* [Task instructions]
Keep the text of the data exactly as it is and omit each picture from the copy.

┌──

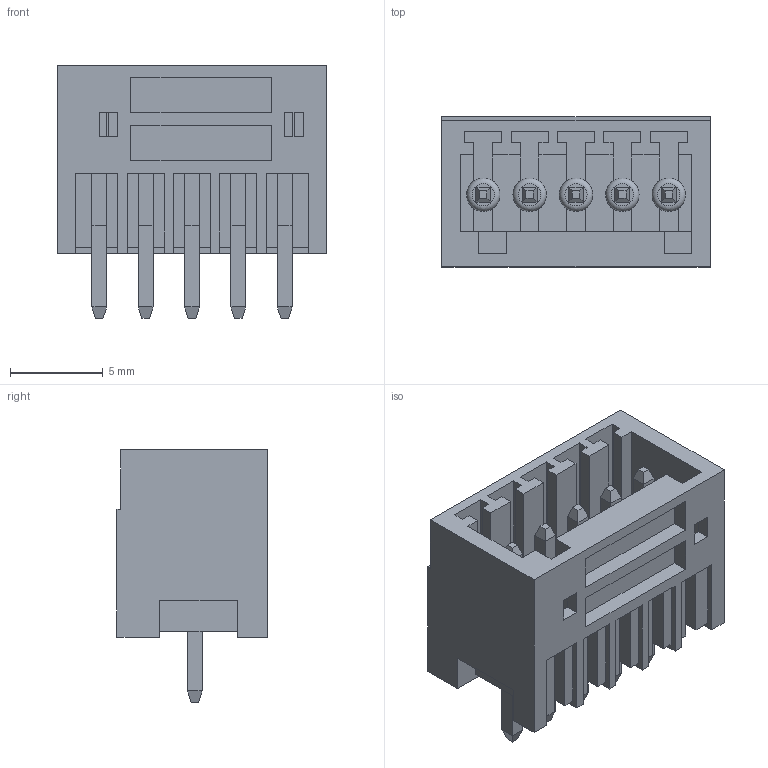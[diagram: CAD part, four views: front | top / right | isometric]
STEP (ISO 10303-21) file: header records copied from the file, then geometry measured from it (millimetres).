
FILE_DESCRIPTION( ( 'Unknown' ), '1' );
FILE_NAME( '691382000005.stp', 'Unknown', ( 'Unknown' ), ( 'Unknown' ), 'PSStep 17.0.49', 'Unknown', ' ' );
FILE_SCHEMA( ( 'AUTOMOTIVE_DESIGN { 1 0 10303 214 1 1 1 1 }' ) );
Length unit declared in the file: millimetre
Products named in the file (3): Assem1; 6913820000xx_PIN; 691382000005
Assembly tree (6 placements, depth 2):
  Assem1
    6913820000xx_PIN  x5
    691382000005
Bounding box: 14.5 x 8.1 x 13.6 mm (x, y, z)
Volume: 599.9 mm3; surface area: 1702.1 mm2
Topology: 6 solids, 6 shells, 367 faces, 978 edges, 631 vertices
Faces by surface type: plane 357, cylinder 5, torus 5
Full cylindrical faces by diameter (mm): 1.8 x5
Entity records: 12249 total; most frequent: CARTESIAN_POINT 1731, ORIENTED_EDGE 1702, DIRECTION 1517, EDGE_CURVE 851, LINE 821, VECTOR 821, VERTEX_POINT 562, AXIS2_PLACEMENT_3D 348
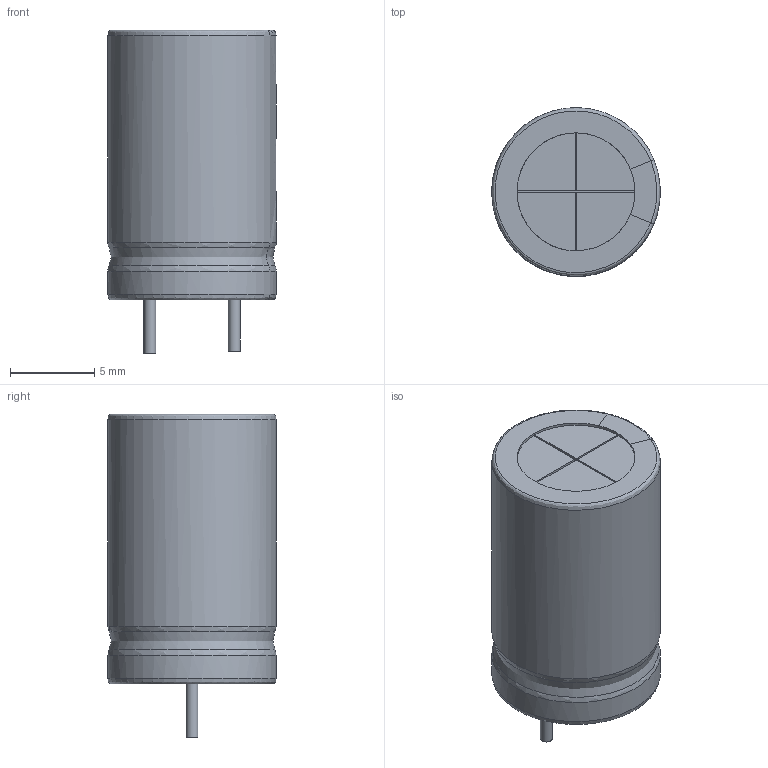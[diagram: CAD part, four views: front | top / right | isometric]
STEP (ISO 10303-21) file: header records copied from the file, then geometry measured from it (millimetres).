
FILE_DESCRIPTION(('FreeCAD Model'),'2;1');
FILE_NAME('Open CASCADE Shape Model','2021-06-24T15:41:51',('Author'),( ''),'Open CASCADE STEP processor 7.5','FreeCAD','Unknown');
FILE_SCHEMA(('AUTOMOTIVE_DESIGN { 1 0 10303 214 1 1 1 1 }'));
Length unit declared in the file: millimetre
Products named in the file (1): CP_Radial_D100mm_P500mm001
Bounding box: 10 x 9.99 x 19.2 mm (x, y, z)
Volume: 1235.6 mm3; surface area: 765.7 mm2
Topology: 1 solids, 2 shells, 48 faces, 119 edges, 78 vertices
Faces by surface type: bspline 48
Entity records: 4877 total; most frequent: CARTESIAN_POINT 3020, B_SPLINE_CURVE_WITH_KNOTS 282, ORIENTED_EDGE 238, PCURVE 238, DEFINITIONAL_REPRESENTATION 238, EDGE_CURVE 119, SURFACE_CURVE 117, VERTEX_POINT 78

└──

* [Answer for the task]
[diagram: CAD part, four views: front | top / right | isometric]
STEP (ISO 10303-21) file: header records copied from the file, then geometry measured from it (millimetres).
FILE_DESCRIPTION( ( 'Unknown' ), '1' );
FILE_NAME( '691382000005.stp', 'Unknown', ( 'Unknown' ), ( 'Unknown' ), 'PSStep 17.0.49', 'Unknown', ' ' );
FILE_SCHEMA( ( 'AUTOMOTIVE_DESIGN { 1 0 10303 214 1 1 1 1 }' ) );
Length unit declared in the file: millimetre
Products named in the file (3): Assem1; 6913820000xx_PIN; 691382000005
Assembly tree (6 placements, depth 2):
  Assem1
    6913820000xx_PIN  x5
    691382000005
Bounding box: 14.5 x 8.1 x 13.6 mm (x, y, z)
Volume: 599.9 mm3; surface area: 1702.1 mm2
Topology: 6 solids, 6 shells, 367 faces, 978 edges, 631 vertices
Faces by surface type: plane 357, cylinder 5, torus 5
Full cylindrical faces by diameter (mm): 1.8 x5
Entity records: 12249 total; most frequent: CARTESIAN_POINT 1731, ORIENTED_EDGE 1702, DIRECTION 1517, EDGE_CURVE 851, LINE 821, VECTOR 821, VERTEX_POINT 562, AXIS2_PLACEMENT_3D 348
[diagram: CAD part, four views: front | top / right | isometric]
STEP (ISO 10303-21) file: header records copied from the file, then geometry measured from it (millimetres).
FILE_DESCRIPTION(('FreeCAD Model'),'2;1');
FILE_NAME('Open CASCADE Shape Model','2021-06-24T15:41:51',('Author'),( ''),'Open CASCADE STEP processor 7.5','FreeCAD','Unknown');
FILE_SCHEMA(('AUTOMOTIVE_DESIGN { 1 0 10303 214 1 1 1 1 }'));
Length unit declared in the file: millimetre
Products named in the file (1): CP_Radial_D100mm_P500mm001
Bounding box: 10 x 9.99 x 19.2 mm (x, y, z)
Volume: 1235.6 mm3; surface area: 765.7 mm2
Topology: 1 solids, 2 shells, 48 faces, 119 edges, 78 vertices
Faces by surface type: bspline 48
Entity records: 4877 total; most frequent: CARTESIAN_POINT 3020, B_SPLINE_CURVE_WITH_KNOTS 282, ORIENTED_EDGE 238, PCURVE 238, DEFINITIONAL_REPRESENTATION 238, EDGE_CURVE 119, SURFACE_CURVE 117, VERTEX_POINT 78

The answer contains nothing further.